* **Problem to work on**
Copy each line below in which the word "points" occurs.

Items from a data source
------------
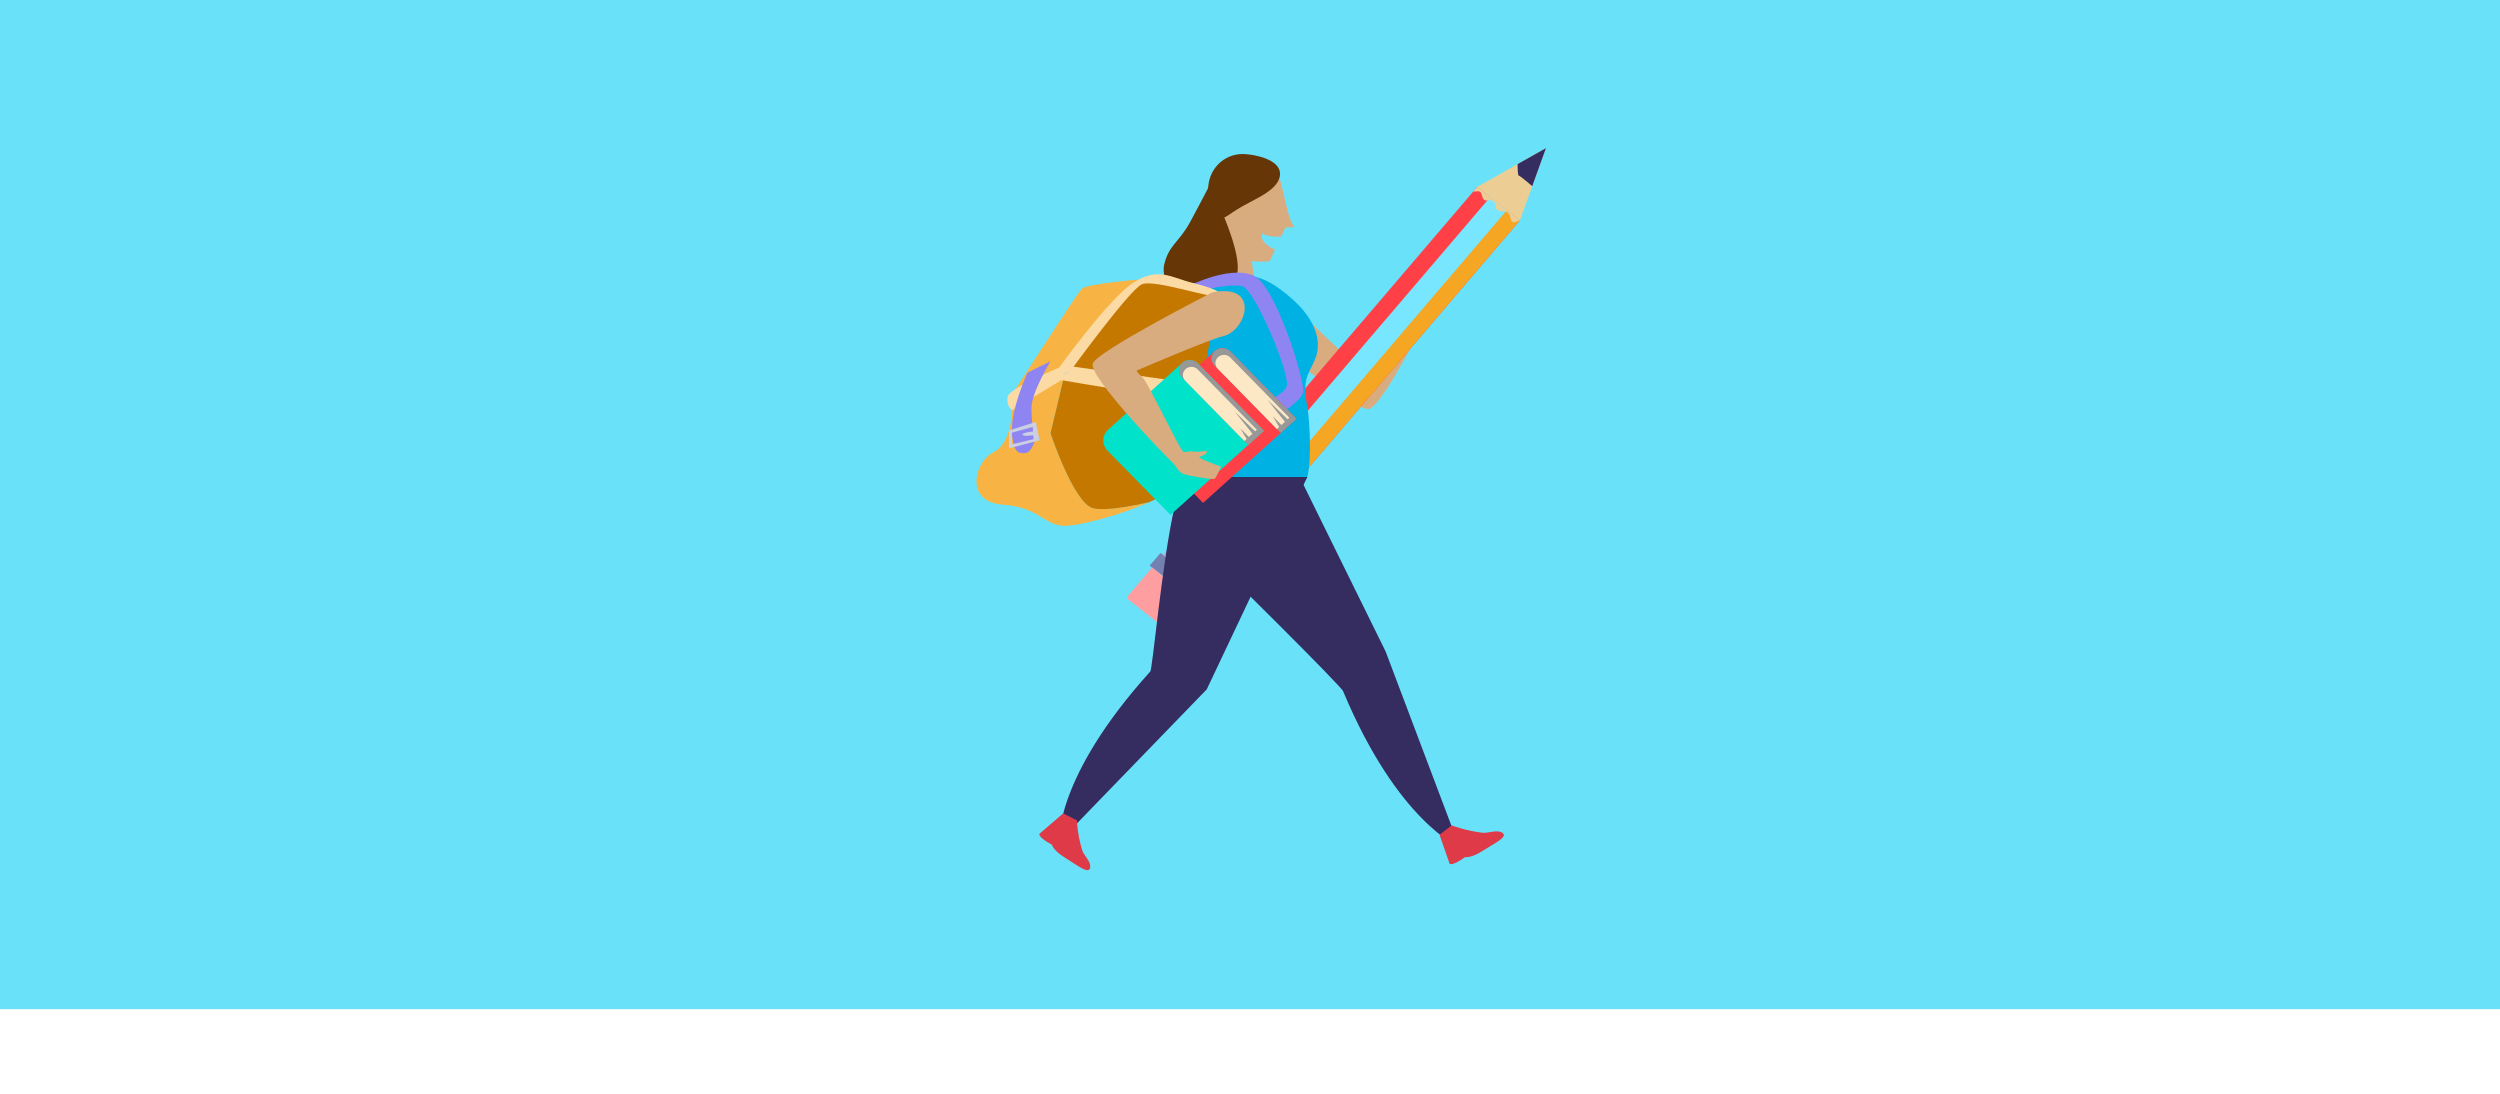 <?xml version="1.0" encoding="UTF-8"?>
<svg xmlns="http://www.w3.org/2000/svg" viewBox="0 0 1090 476.88">
  <defs>
    <style>      .cls-1 {        fill: #ff4147;      }      .cls-2 {        fill: #de3a47;      }      .cls-3 {        fill: #c57800;      }      .cls-4 {        fill: #7380b1;      }      .cls-5 {        fill: #ff9ea1;      }      .cls-6 {        fill: #8e85f2;      }      .cls-7 {        fill: #a8b0ce;      }      .cls-8 {        fill: #69e2f9;      }      .cls-9 {        fill: #00b2e3;      }      .cls-10 {        isolation: isolate;      }      .cls-11 {        fill: #00e2ca;      }      .cls-12 {        fill: #f7b445;      }      .cls-13 {        fill: #fce8c5;      }      .cls-14 {        fill: #663606;      }      .cls-15 {        fill: #352c60;      }      .cls-16 {        fill: #ecce95;      }      .cls-17 {        fill: #fbdaa3;      }      .cls-18 {        fill: #78e6ff;      }      .cls-19 {        fill: #cacfe1;      }      .cls-20 {        fill: #d8ac7f;      }      .cls-21 {        fill: #f5a623;      }      .cls-22 {        fill: #989898;        mix-blend-mode: multiply;      }    </style>
  </defs>
  <g class="cls-10">
    <g id="Capa_1">
      <rect class="cls-8" width="1090" height="440"></rect>
      <g>
        <path class="cls-20" d="M546.95,143.73s43.39,34.75,49.51,34.64,27.93-44.59,28.58-46.53,3.38-4.31,3.28-6.62-2.17-12.58-3.2-12.93-6.04-.38-6.04-.38c0,0,.38,10.65-.62,9.91s-1.71-2.43-3.75-1.93c0,0,2.66,4.22,2.77,6.34,0,0,1.47,1.4,1.39,2.84s-23.48,24.95-24.52,27.6-2.01,3.59-2.01,3.59c0,0-25.25-23.18-28.59-27.79-6.04-8.35-28.79-5.98-16.81,11.27Z"></path>
        <g>
          <polygon class="cls-1" points="644.04 81.5 515.36 232.18 526.17 240.65 533.99 246.77 662.56 96.21 662.67 96.08 644.04 81.5"></polygon>
          <polygon class="cls-21" points="654.74 90.09 526.17 240.65 533.99 246.77 662.56 96.21 654.74 90.09"></polygon>
          <polygon class="cls-18" points="649.72 85.94 521.04 236.63 528.31 242.32 656.99 91.64 649.72 85.94"></polygon>
          <polygon class="cls-16" points="674.03 64.58 661.67 71.55 644.04 81.5 662.67 96.08 668.05 81.16 674.03 64.58"></polygon>
          <path class="cls-16" d="M662.67,96.08s-2.56,1.22-3.37.59c-.8-.63-.55-2.91-1.94-4-1.39-1.09-3.07-.18-4.48-1.03-1.42-.85.04-2.36-1.77-3.78-1.81-1.42-2.9.16-4.02-.73-1.12-.89-.72-2.72-1.78-3.46-1.06-.75-2.26.15-2.93-.22l1.66-1.94,18.63,14.59Z"></path>
          <path class="cls-15" d="M674.03,64.58l-12.36,6.97c0,2.27.1,4.96.51,5.02.71.09,5.87,4.6,5.87,4.6l5.98-16.58Z"></path>
          <polygon class="cls-4" points="517.44 227.66 512.72 233.19 533.86 249.74 538.58 244.21 517.44 227.66"></polygon>
          <polygon class="cls-4" points="505.98 241.09 501.25 246.62 522.39 263.17 527.12 257.64 505.98 241.09"></polygon>
          <polygon class="cls-7" points="513.78 234.03 507.04 241.92 525.67 256.51 532.41 248.61 513.78 234.03"></polygon>
          <path class="cls-5" d="M502.31,247.46l-10.69,12.51c-.34.39-.27.97.14,1.29l17.73,13.88c.41.32,1.01.26,1.35-.13l10.69-12.51-19.22-15.04Z"></path>
        </g>
        <path class="cls-15" d="M566.29,207.25l37.87,76.86,32.18,85.25s-26.79-10.8-50.69-67.85c.65-.92-53.61-54.46-53.61-54.46l34.25-39.82Z"></path>
        <polygon class="cls-20" points="533.33 106.22 529.71 126.04 547.43 125.47 544.69 106.29 533.33 106.22"></polygon>
        <path class="cls-20" d="M533.36,76.96c6.15-.77,20.97-4.26,24.87,1.88,0,0,1.99,7.82,3,12.39,1.02,4.56,3,7.82,3,7.82l-3.76.12-1.85,3.94c-2.37.15-6.24.13-8.2-1.33-1.04.38-.85,4.3,5.51,7.06l-2.38,5.08s-10.79,1.39-19.02-3.54c-8.24-4.93-7.32-32.64-1.17-33.42Z"></path>
        <path class="cls-9" d="M542.95,120.77c-28.18-2-20.91,33.18-18.23,49.57,1.29,7.88-5.88,46.83,1.7,49.94,4.84,1.99,12.61,1.73,17.9,1.31,4.19-.33,24.62-9.45,25.67-13.62,2.04-8.09.93-25.53,0-30.59-.72-3.89-1.43-8.67-.29-12.5,1.21-4.08,3.93-7.32,4.67-11.62,1.53-8.87-4.55-17.31-11.24-23.15-6.28-5.49-15.25-12.04-24.33-9.22"></path>
        <path class="cls-14" d="M528.44,95.59c.09.07.19.12.29.15,3.08.82,6.28-1.52,8.62-3.11,2.79-1.9,5.52-3.37,8.53-4.95,4.42-2.32,12.42-6.31,12.22-12.07-.21-6.14-10.86-8.23-15.65-8.44-6.18-.26-11.55,3.18-14.13,8.48-1.65,3.38-1.81,7.15-1.53,10.82.14,1.78.24,8.01,1.65,9.12Z"></path>
        <path class="cls-14" d="M529.92,75.84s-6.15,12-11.05,21.01c-4.91,9.01-9.27,9.87-11.31,18.62-2.04,8.75,11.49,31.54,15.95,17.42,4.47-14.12,11.33-5.36,15.27-11.99,3.94-6.64-6.24-29.04-6.24-29.04l-2.62-16.02Z"></path>
        <path class="cls-15" d="M569.98,207.97l-43.83,92.58-64.37,66.47s-2.26-27.75,39.73-74.24c.87.1,5.12-47.82,10.57-71.68,1.81-7.93,9.78-13.13,9.78-13.13h48.12Z"></path>
        <path class="cls-2" d="M469.53,357.65s.21,6.19,2.25,12.88c.82,2.69,4.15,5.15,3.47,7.96s-6.12-1.61-10.84-4.5c-2.73-1.67-5.08-3.65-5.75-5.67-6.59-3.61-5.43-4.82-5.43-4.82l10.3-8.85,6,3.01Z"></path>
        <path class="cls-2" d="M632.93,359.88s6.01,2.29,13.23,3.18c2.91.36,6.59-1.58,9,.14s-3.99,4.73-8.64,7.71c-2.69,1.73-5.53,3-7.73,2.78-6.09,4.34-6.79,2.84-6.79,2.84l-4.36-12.58,5.28-4.07Z"></path>
        <path class="cls-6" d="M521.87,123.12s15.71-7.17,24.81-2.9,21.02,41.53,21.57,50.06-49.57,30.98-49.57,30.98v-11.51s41.94-14.87,42.48-21.86c.55-6.99-14.36-42.05-19.63-43.14s-14.84,1.3-14.84,1.3l-10.81-1.3,5.99-1.62Z"></path>
        <g>
          <path class="cls-12" d="M500.87,219c-13.08,5.87-29.29,9.82-35.35,10.24-10.09.7-11.54-8.01-28.36-9.22-16.81-1.21-12.27-18.79-4.09-22.79,8.18-4.01,8.18-18.45,8.18-18.45l22.84-15.32-6.07,25.41s10.12,30.63,18.58,32.71c5,1.24,16.06-.75,24.27-2.58Z"></path>
          <path class="cls-3" d="M524.23,169.06s-.21,23.33-5.32,36.17c-2.04,5.13-9.35,9.88-18.03,13.78h0c-8.21,1.83-19.27,3.82-24.27,2.58-8.46-2.09-18.58-32.71-18.58-32.71l6.07-25.41,2.13-1.43,1.17-.27,56.84,7.29Z"></path>
          <polygon class="cls-12" points="467.39 161.77 466.22 162.04 466.75 161.68 467.39 161.77"></polygon>
          <path class="cls-12" d="M441.53,171.6s27.81-43.46,30.12-45.68c2.32-2.22,24.72-4.01,24.72-4.01l-26.09,33.24-7.22,8.87-17.99,6-3.54,1.57Z"></path>
          <path class="cls-3" d="M531.09,129.05l-7.09,38.57-58.47-6.99s23.7-35.99,32.99-39.02,34.88,5.92,32.58,7.44Z"></path>
          <path class="cls-17" d="M523.99,167.63s5.88,3.34.96,5.81c-4.91,2.47-62.16-7.71-62.16-7.71l-21.54,13.05s-2.59-1.57-1.91-5.74,24.81-13.7,24.81-13.7l59.84,8.29Z"></path>
          <path class="cls-17" d="M466.75,161.68s25.76-35.37,31.08-37.72c5.32-2.35,30.12,6.26,33.26,5.09,3.14-1.17-2.04-3.5-11.18-5.73-9.13-2.23-14.99-7.16-25.9,0s-33.26,38.36-33.26,38.36c0,0,4.67,1.81,6,0Z"></path>
          <path class="cls-6" d="M458.02,157.51s-8.31,13.7-8.31,20.36,1.36,14.75,1.36,14.75c0,0-1.64,4.96-4.23,4.96s-4.26.1-5.32-6,.27-14.71,6.41-29.08l10.09-4.98Z"></path>
          <path class="cls-19" d="M451.62,184l-11.69,3.65v7.83l13.33-3.52-1.64-7.96ZM441.2,193.7v-5.04l9.24-2.57v2.02s-5.28.55-4.62,1.46c.66.91,4.62.17,4.62.17l.23,1.74-9.46,2.22Z"></path>
          <polygon class="cls-19" points="464.33 162.48 466.22 162.04 464.09 163.46 464.33 162.48"></polygon>
        </g>
        <g>
          <g>
            <path class="cls-1" d="M565.26,182.61l-40.73,36.65-27.53-28.05c-2.54-2.58-2.4-6.65.3-9.08l32.33-29.09c1.94-1.75,4.99-1.66,6.81.2l28.82,29.37Z"></path>
            <path class="cls-22" d="M565.26,182.61l-6.85,6.16-28.98-29.53c-1.73-1.77-1.64-4.54.2-6.2h0c1.94-1.74,4.99-1.65,6.81.2l28.82,29.37Z"></path>
            <path class="cls-13" d="M561.43,182.83l-8.83-8.53,7.64,9.6-1.56,1.41-3.73-3.8,2.77,4.67-.98.89-25.81-26.3c-1.42-1.44-1.35-3.71.16-5.07.75-.68,1.72-1,2.68-.97.96.03,1.91.41,2.61,1.13l25.81,26.3-.76.68Z"></path>
          </g>
          <g>
            <path class="cls-11" d="M551.08,187.83l-40.73,36.65-27.53-28.05c-2.54-2.58-2.4-6.65.3-9.08l32.33-29.09c1.94-1.75,4.99-1.66,6.81.2l28.82,29.37Z"></path>
            <path class="cls-22" d="M551.08,187.83l-6.85,6.16-28.98-29.53c-1.73-1.77-1.64-4.54.2-6.2h0c1.94-1.74,4.99-1.65,6.81.2l28.82,29.37Z"></path>
            <path class="cls-13" d="M547.25,188.05l-8.83-8.53,7.64,9.6-1.56,1.41-3.73-3.8,2.77,4.67-.98.89-25.81-26.3c-1.42-1.44-1.35-3.71.16-5.07.75-.68,1.72-1,2.68-.97.96.03,1.91.41,2.61,1.13l25.81,26.3-.76.68Z"></path>
          </g>
        </g>
        <path class="cls-20" d="M528.55,127.47s-49.91,25.49-52.09,30.98,32.71,41.5,34.35,42.81,2.91,4.61,5.18,5.39,12.99,2.78,13.72,2,2.64-5.22,2.64-5.22c0,0-10.45-3.65-9.36-4.26s3-.61,3.27-2.61c0,0-5.09.78-7.18.09,0,0-1.91.78-3.27.17s-15.36-30.19-17.54-32.11-2.73-3.13-2.73-3.13c0,0,31.9-13.73,37.62-14.97,10.35-2.24,16.58-23.32-4.62-19.14Z"></path>
      </g>
    </g>
  </g>
</svg>
------------
* **Task answer**
          <polygon class="cls-1" points="644.04 81.5 515.36 232.18 526.17 240.65 533.99 246.77 662.56 96.21 662.67 96.08 644.04 81.5"></polygon>
          <polygon class="cls-21" points="654.74 90.09 526.17 240.65 533.99 246.77 662.56 96.21 654.74 90.09"></polygon>
          <polygon class="cls-18" points="649.72 85.94 521.04 236.63 528.31 242.32 656.99 91.64 649.72 85.94"></polygon>
          <polygon class="cls-16" points="674.03 64.58 661.67 71.55 644.04 81.5 662.67 96.08 668.05 81.16 674.03 64.58"></polygon>
          <polygon class="cls-4" points="517.44 227.66 512.72 233.19 533.86 249.74 538.58 244.21 517.44 227.66"></polygon>
          <polygon class="cls-4" points="505.98 241.09 501.25 246.62 522.39 263.17 527.12 257.64 505.98 241.09"></polygon>
          <polygon class="cls-7" points="513.78 234.03 507.04 241.92 525.67 256.51 532.41 248.61 513.78 234.03"></polygon>
        <polygon class="cls-20" points="533.33 106.22 529.71 126.04 547.43 125.47 544.69 106.29 533.33 106.22"></polygon>
          <polygon class="cls-12" points="467.39 161.77 466.22 162.04 466.75 161.68 467.39 161.77"></polygon>
          <polygon class="cls-19" points="464.33 162.48 466.22 162.04 464.09 163.46 464.33 162.48"></polygon>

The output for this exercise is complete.